How We LOVE Comments and Happy Birthday Glenn Herdeg!



We’ve been having difficulties with this blog and leaving comments. Although as administrator I have turned OFF the ‘check to see if people are robots and spammers’, google has ‘helpfully’ turned it on as a security measure.

So, people like my parents who already have trouble leaving comments and seeing to do so, now have to try to see what the correct pattern of numbers and letters are before they leave a comment!

Thank you to ALL who keep trying and finally succeed in leaving comments.

SO, I thought I would go back seven years in time—to the first year of our cousins blog—and find some of our assortment of comments. Enjoy!



Sisters-- Lil and Ethel
Tom Kinsella said...
Hi Kathryn.

I'm enjoying all the commentary. Pat, Beth, and I had much fun at two or three Baker reunions jumping in the hay at Wendell's during the early 1970s. I remember thinking, "this is kind of dangerous," when exploring the loft and slipping down 8 or 10 feet between the bales and having to scale the hay to climb back out.

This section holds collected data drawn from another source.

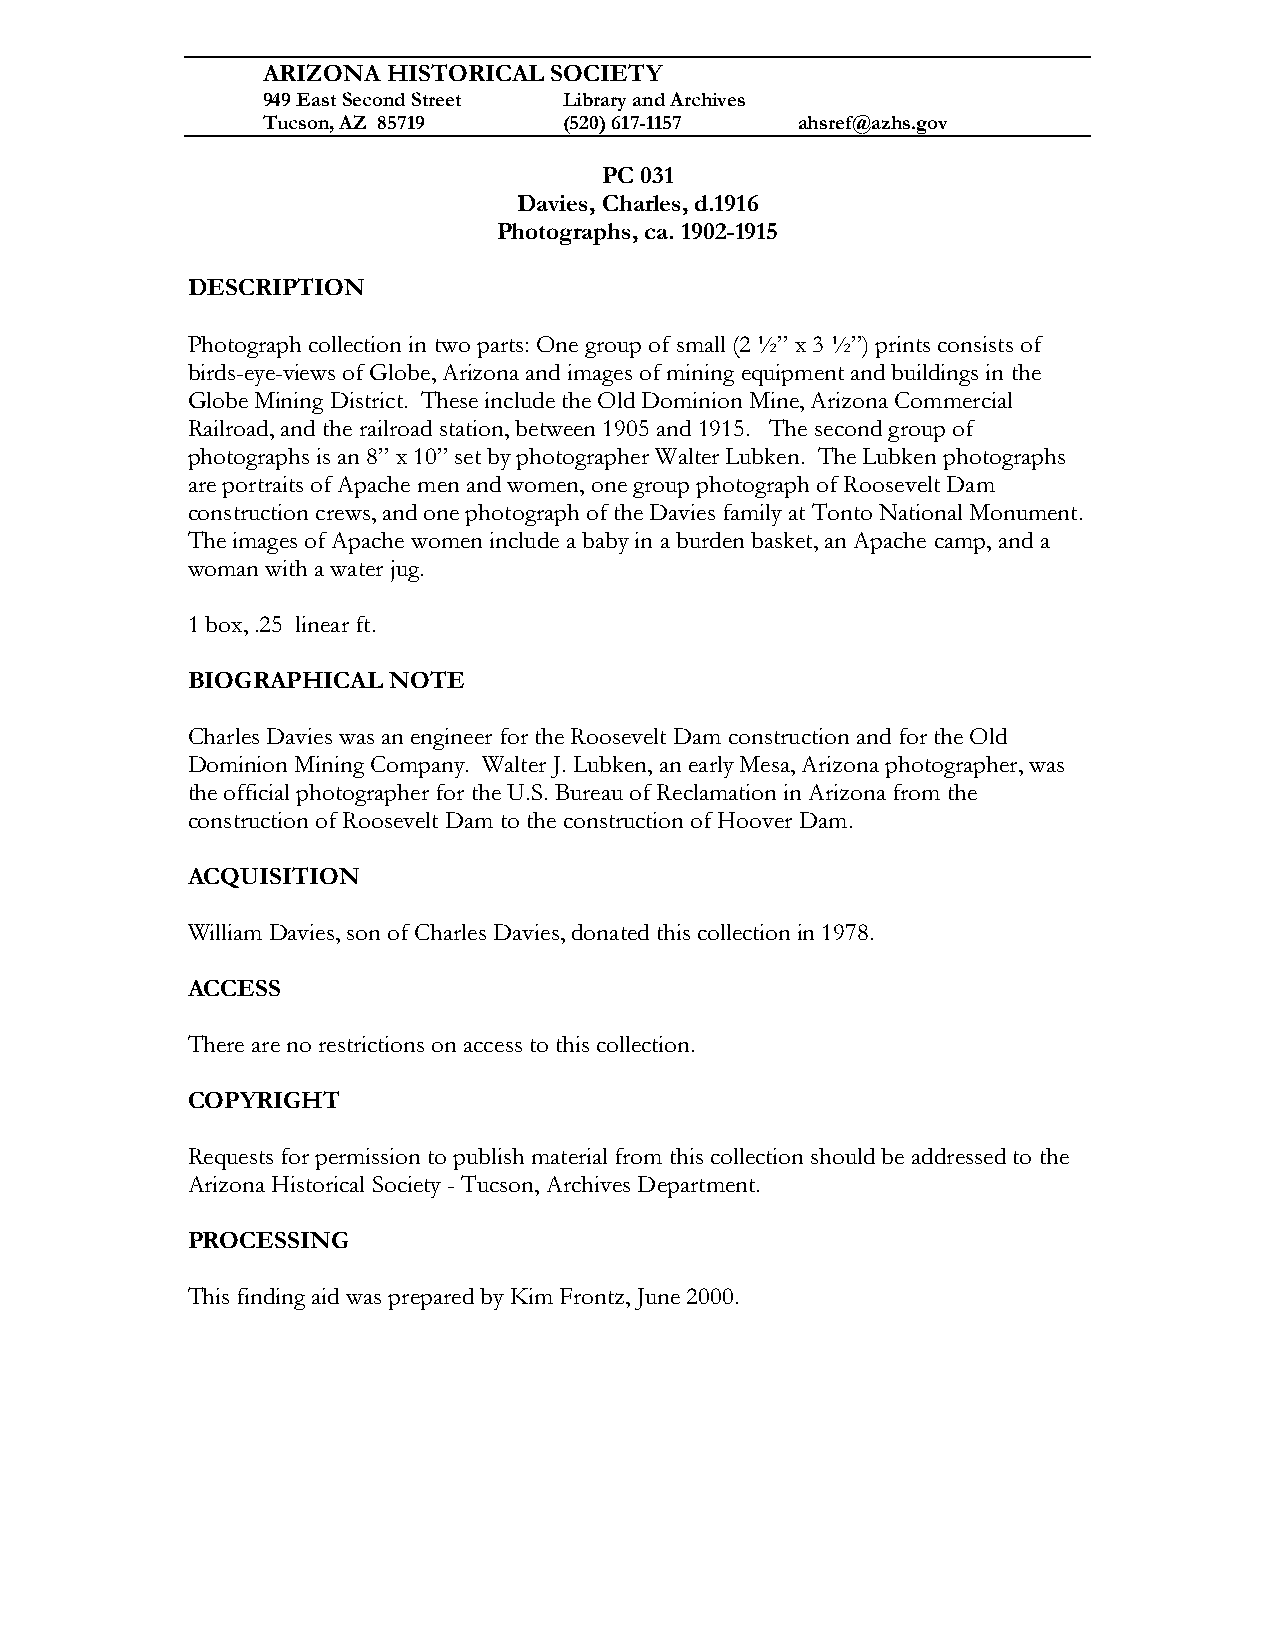
ARIZONA  HISTORICAL SOCIETY
 949 East Second Street Library and Archives
 Tucson, AZ 85719    (520) 617-1157  ahsref@azhs.gov
 PC 031
 Davies, Charles, d.1916
 Photographs, ca. 1902-1915
 DESCRIPTION
 Photograph collection in two parts: One group of small (2 ½” x 3 ½”) prints consists of
 birds-eye-views of Globe, Arizona and images of mining equipment and buildings in the
 Globe Mining District. These include the Old Dominion Mine, Arizona Commercial
 Railroad, and the railroad station, between 1905 and 1915. The second group of
 photographs is an 8” x 10” set by photographer Walter Lubken. The Lubken photographs
 are portraits of Apache men and women, one group photograph of Roosevelt Dam
 construction crews, and one photograph of the Davies family at Tonto National Monument.
 The images of Apache women include a baby in a burden basket, an Apache camp, and a
 woman with a water jug.
 1 box, .25 linear ft.
 BIOGRAPHICAL  NOTE
 Charles Davies was an engineer for the Roosevelt Dam construction and for the Old
 Dominion Mining Company. Walter J. Lubken, an early Mesa, Arizona photographer, was
 the official photographer for the U.S. Bureau of Reclamation in Arizona from the
 construction of Roosevelt Dam to the construction of Hoover Dam.
 ACQUISITION
 William Davies, son of Charles Davies, donated this collection in 1978.
 ACCESS
 There are no restrictions on access to this collection.
 COPYRIGHT
 Requests for permission to publish material from this collection should be addressed to the
 Arizona Historical Society - Tucson, Archives Department.
 PROCESSING
 This finding aid was prepared by Kim Frontz, June 2000.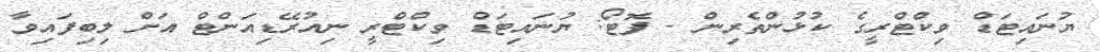
ޔުނައިޓަޑް ވިކްޓްރީގެ ކުޅުންތެރިން - ފޮޓޯ: ޔުނައިޓަޑް ވިކްޓްރީ ނިއުރޭޑިއަންޓް އަށް ލިބިފައިވާ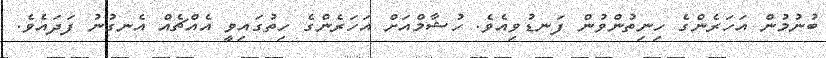
ބުނުމުން އަހަރެންގެ ހިނިތުންވުން ފަނޑުވިއެވެ. ހުޝާމްއަށް އަހަރެންގެ ހިތުގައިވީ އެއްޗެއް އެނގުނު ފަދައެވެ.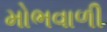
મોભવાળી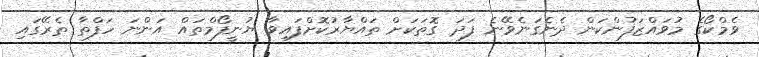
ވެމްކޯގެ މުވައްޒަފުންކަން ދެނެގަނެވޭނެ ފަދަ ގޮތަކަށް ތައްޔާރުކޮށްފައިވާ ޔުނީފޯމްތައް އަންނަ ހަފްތާ ތެރޭގައި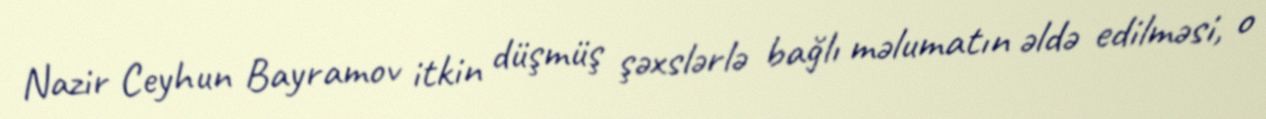
Nazir Ceyhun Bayramov itkin düşmüş şəxslərlə bağlı məlumatın əldə edilməsi, o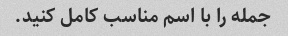
جمله را با اسم مناسب کامل کنید.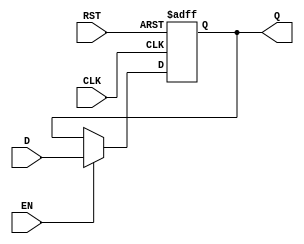
module StoreRegister (
    input wire D,       // Data Input
    input wire CLK,     // Clock signal
    input wire EN,      // Enable signal
    input wire RST,     // Asynchronous Reset
    output reg Q        // Data Output
);

// Asynchronous reset and synchronous data capture
always @(posedge CLK or posedge RST) begin
    if (RST) begin
        Q <= 1'b0;      // Reset the output to 0
    end else if (EN) begin
        Q <= D;         // Capture the input data on clock edge if enabled
    end
    // If EN is low, Q retains its previous value
end

endmodule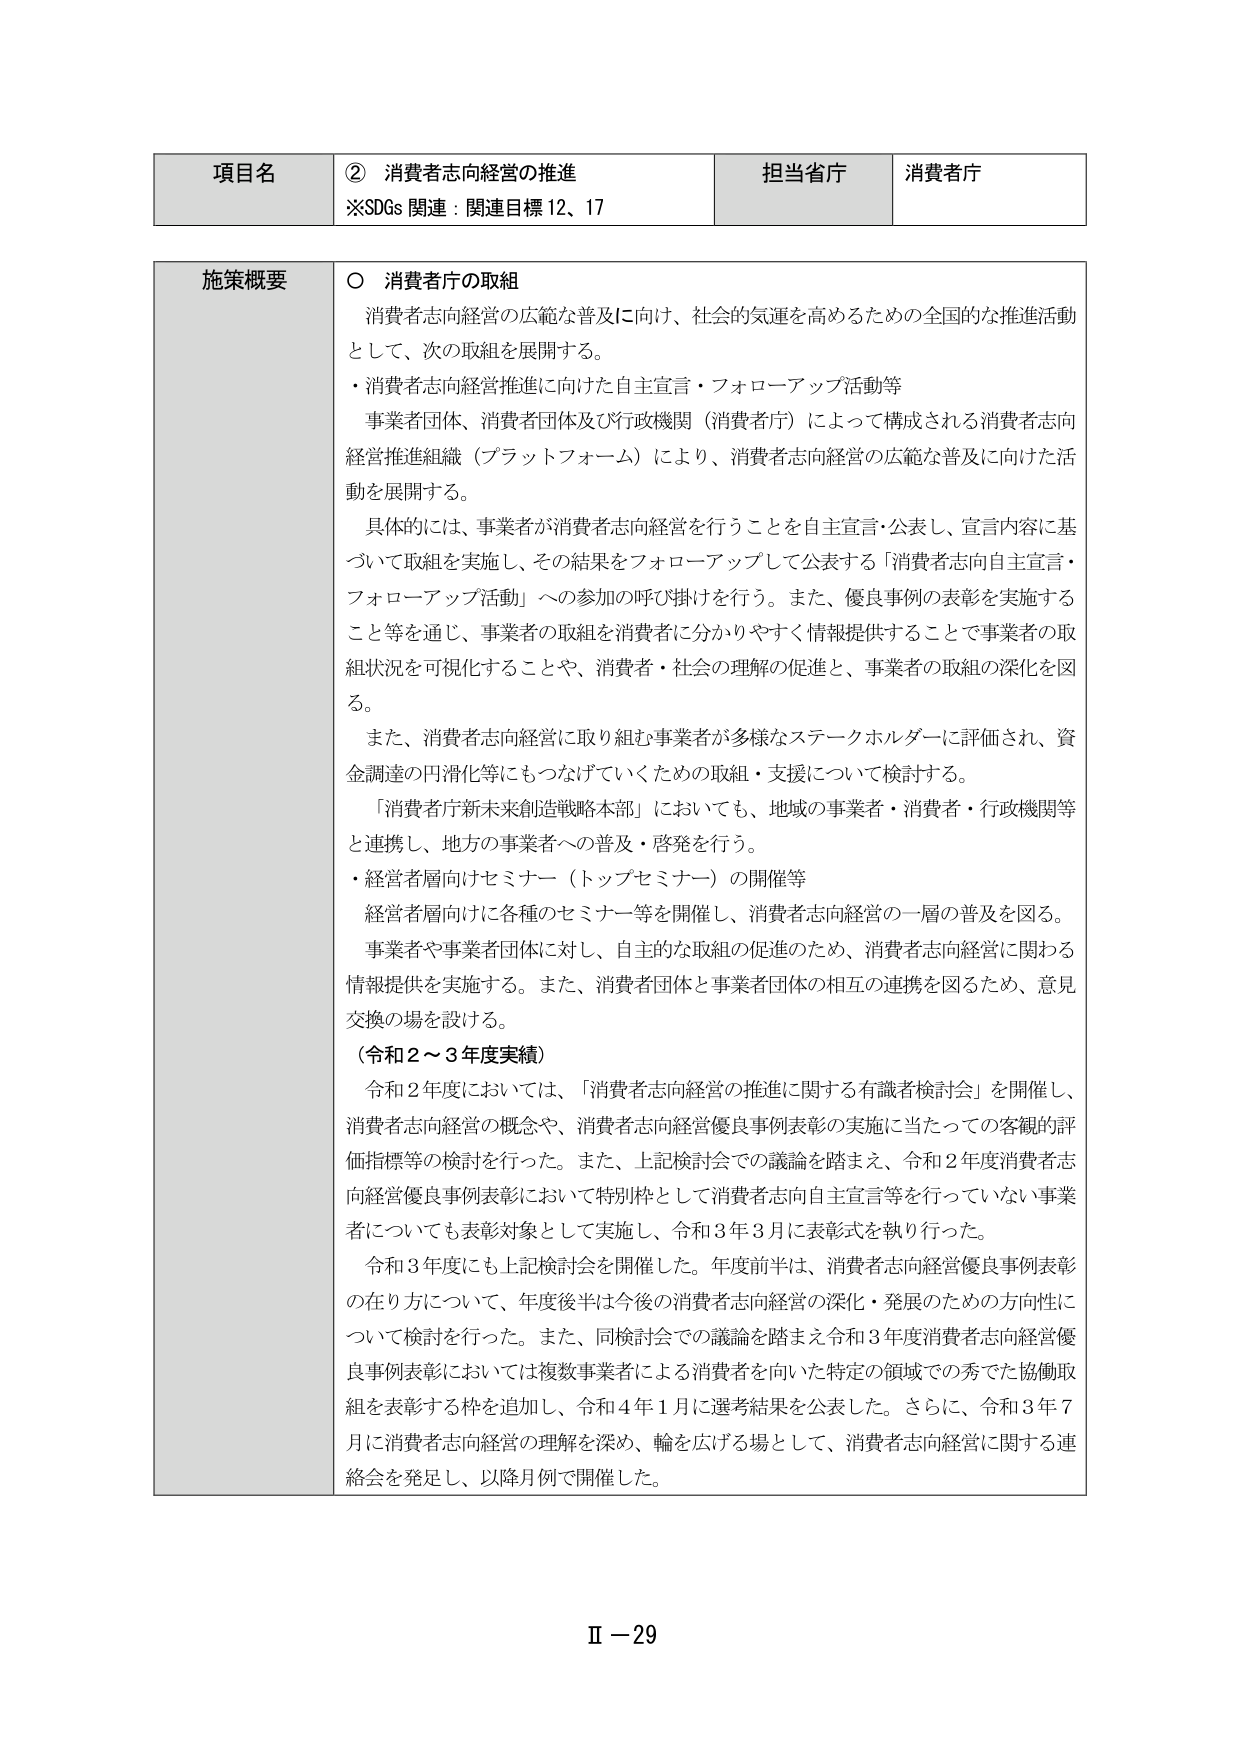
項目名 ② 消費者志向経営の推進
※SDGs 関連：関連目標 12、17 担当省庁 消費者庁

施策概要 ○ 消費者庁の取組
消費者志向経営の広範な普及に向け、社会的気運を高めるための全国的な推進活動
として、次の取組を展開する。
・消費者志向経営推進に向けた自主宣言・フォローアップ活動等
事業者団体、消費者団体及び行政機関（消費者庁）によって構成される消費者志向
経営推進組織（プラットフォーム）により、消費者志向経営の広範な普及に向けた活
動を展開する。
具体的には、事業者が消費者志向経営を行うことを自主宣言・公表し、宣言内容に基
づいて取組を実施し、その結果をフォローアップして公表する「消費者志向自主宣言・
フォローアップ活動」への参加の呼び掛けを行う。また、優良事例の表彰を実施する
こと等を通じ、事業者の取組を消費者に分かりやすく情報提供することで事業者の取
組状況を可視化することや、消費者・社会の理解の促進と、事業者の取組の深化を図
る。
また、消費者志向経営に取り組む事業者が多様なステークホルダーに評価され、資
金調達の円滑化等にもつなげていくための取組・支援について検討する。
「消費者庁新未来創造戦略本部」においても、地域の事業者・消費者・行政機関等
と連携し、地方の事業者への普及・啓発を行う。
・経営者層向けセミナー（トップセミナー）の開催等
経営者層向けに各種のセミナー等を開催し、消費者志向経営の一層の普及を図る。
事業者や事業者団体に対し、自主的な取組の促進のため、消費者志向経営に関わる
情報提供を実施する。また、消費者団体と事業者団体の相互の連携を図るため、意見
交換の場を設ける。
（令和２～３年度実績）
令和２年度においては、「消費者志向経営の推進に関する有識者検討会」を開催し、
消費者志向経営の概念や、消費者志向経営優良事例表彰の実施に当たっての客観的評
価指標等の検討を行った。また、上記検討会での議論を踏まえ、令和２年度消費者志
向経営優良事例表彰において特別枠として消費者志向自主宣言等を行っていない事業
者についても表彰対象として実施し、令和３年３月に表彰式を執り行った。
令和３年度にも上記検討会を開催した。年度前半は、消費者志向経営優良事例表彰
の在り方について、年度後半は今後の消費者志向経営の深化・発展のための方向性に
ついて検討を行った。また、同検討会での議論を踏まえ令和３年度消費者志向経営優
良事例表彰においては複数事業者による消費者を向けた特定の領域での秀でた協働取
組を表彰する枠を追加し、令和４年１月に選考結果を公表した。さらに、令和３年７
月に消費者志向経営の理解を深め、輪を広げる場として、消費者志向経営に関する連
絡会を発足し、以降月例で開催した。

Ⅱ－29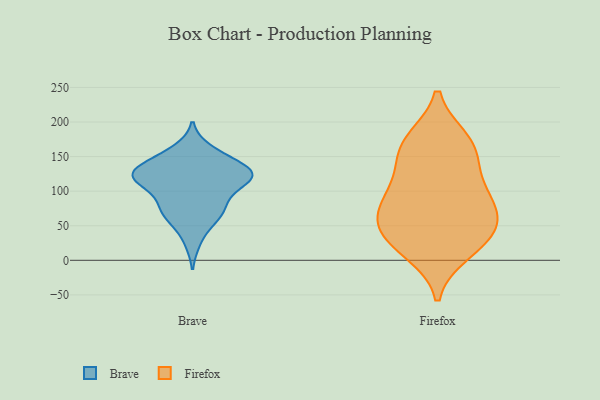
{"axis": {"x": "Churn Rate (%)", "y": "Value"}, "legend": ["Brave", "Firefox"], "data": [{"x": "", "y": 59, "type": "Brave"}, {"x": "", "y": 124, "type": "Brave"}, {"x": "", "y": 120, "type": "Brave"}, {"x": "", "y": 126, "type": "Brave"}, {"x": "", "y": 111, "type": "Brave"}, {"x": "", "y": 128, "type": "Brave"}, {"x": "", "y": 63, "type": "Brave"}, {"x": "", "y": 151, "type": "Brave"}, {"x": "", "y": 132, "type": "Brave"}, {"x": "", "y": 126, "type": "Brave"}, {"x": "", "y": 121, "type": "Brave"}, {"x": "", "y": 79, "type": "Brave"}, {"x": "", "y": 110, "type": "Brave"}, {"x": "", "y": 27, "type": "Brave"}, {"x": "", "y": 160, "type": "Brave"}, {"x": "", "y": 123, "type": "Brave"}, {"x": "", "y": 89, "type": "Brave"}, {"x": "", "y": 83, "type": "Brave"}, {"x": "", "y": 150, "type": "Brave"}, {"x": "", "y": 65, "type": "Brave"}, {"x": "", "y": 49, "type": "Firefox"}, {"x": "", "y": 144, "type": "Firefox"}, {"x": "", "y": 12, "type": "Firefox"}, {"x": "", "y": 174, "type": "Firefox"}, {"x": "", "y": 161, "type": "Firefox"}, {"x": "", "y": 37, "type": "Firefox"}, {"x": "", "y": 64, "type": "Firefox"}, {"x": "", "y": 44, "type": "Firefox"}, {"x": "", "y": 113, "type": "Firefox"}, {"x": "", "y": 20, "type": "Firefox"}, {"x": "", "y": 172, "type": "Firefox"}, {"x": "", "y": 97, "type": "Firefox"}, {"x": "", "y": 77, "type": "Firefox"}, {"x": "", "y": 85, "type": "Firefox"}]}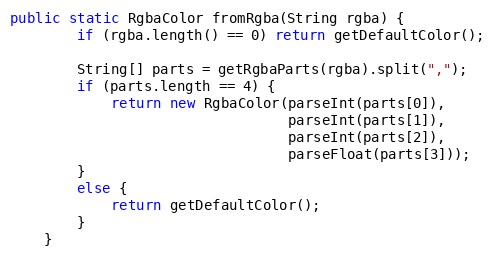
Language: Java
public static RgbaColor fromRgba(String rgba) {
        if (rgba.length() == 0) return getDefaultColor();

        String[] parts = getRgbaParts(rgba).split(",");
        if (parts.length == 4) {
            return new RgbaColor(parseInt(parts[0]),
                                 parseInt(parts[1]),
                                 parseInt(parts[2]),
                                 parseFloat(parts[3]));
        }
        else {
            return getDefaultColor();
        }
    }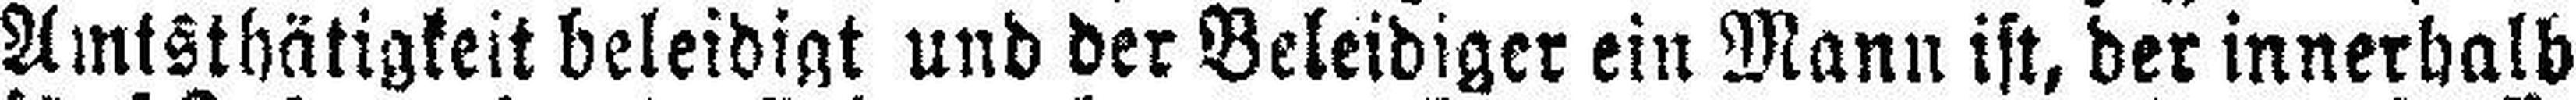
Amtsthätigkeit beleidigt und der Beleidiger ein Mann ist, der innerhalb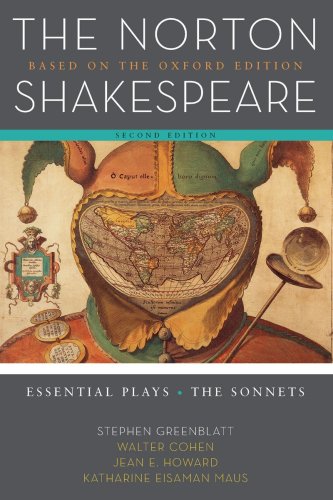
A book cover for The Norton Shakespeare: Based on the Oxford Edition: Essential Plays / The Sonnets (Second Edition); Literature & Fiction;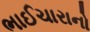
ભાઈચારાનો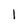
Character: 1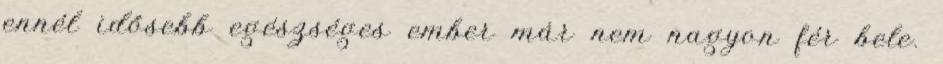
ennél idősebb egészséges ember már nem nagyon fér bele.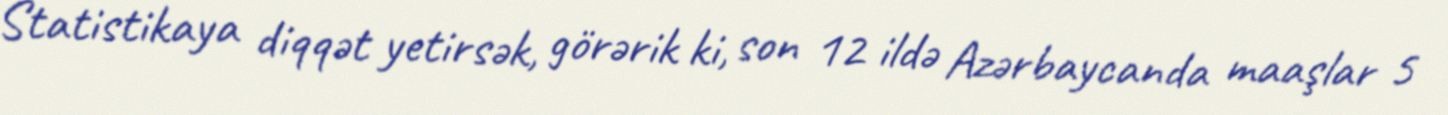
Statistikaya diqqət yetirsək, görərik ki, son 12 ildə Azərbaycanda maaşlar 5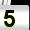
Digit: 5

I too remember Aunt Lil fondly. Once Beth and I (we must have been 10 and 11) brought some catnip to show Aunt Lil who was visiting at our cottage in Canada. We just thought she'd like to see it. She certainly did. She grabbed the stalk and ate a few leaves.
Pat said...
And Tom's eyes went wide and his voice stammered as he struggled to decide if Aunt Lil was not quite all there or just going back to her farming roots: "Aunt Lil. That's catnip. And you're eating it!"
January 3, 2008 at 2:29 PM



Tom Kinsellla said...
It's true. That was my reaction. She must have been well into her 80s at that point. Now that I'm older, I find myself sampling small amounts of catnip, too. It's minty. So I think Aunt Lil was returning to her roots.
January 5, 2008 at 1:31 PM
Center Lisle Fishing
Anonymous said...
Grandma never left her farming roots. One time, when I was peeling potatoes for her, she made me peel the peelings. I left too much potato on them. She was really thrifty. When I was a teenager, she and I went grocery shopping about every week. She drove over the narrow, twisty roads between Center Lisle and Marathon at speeds close to 60 MPH. She was really something.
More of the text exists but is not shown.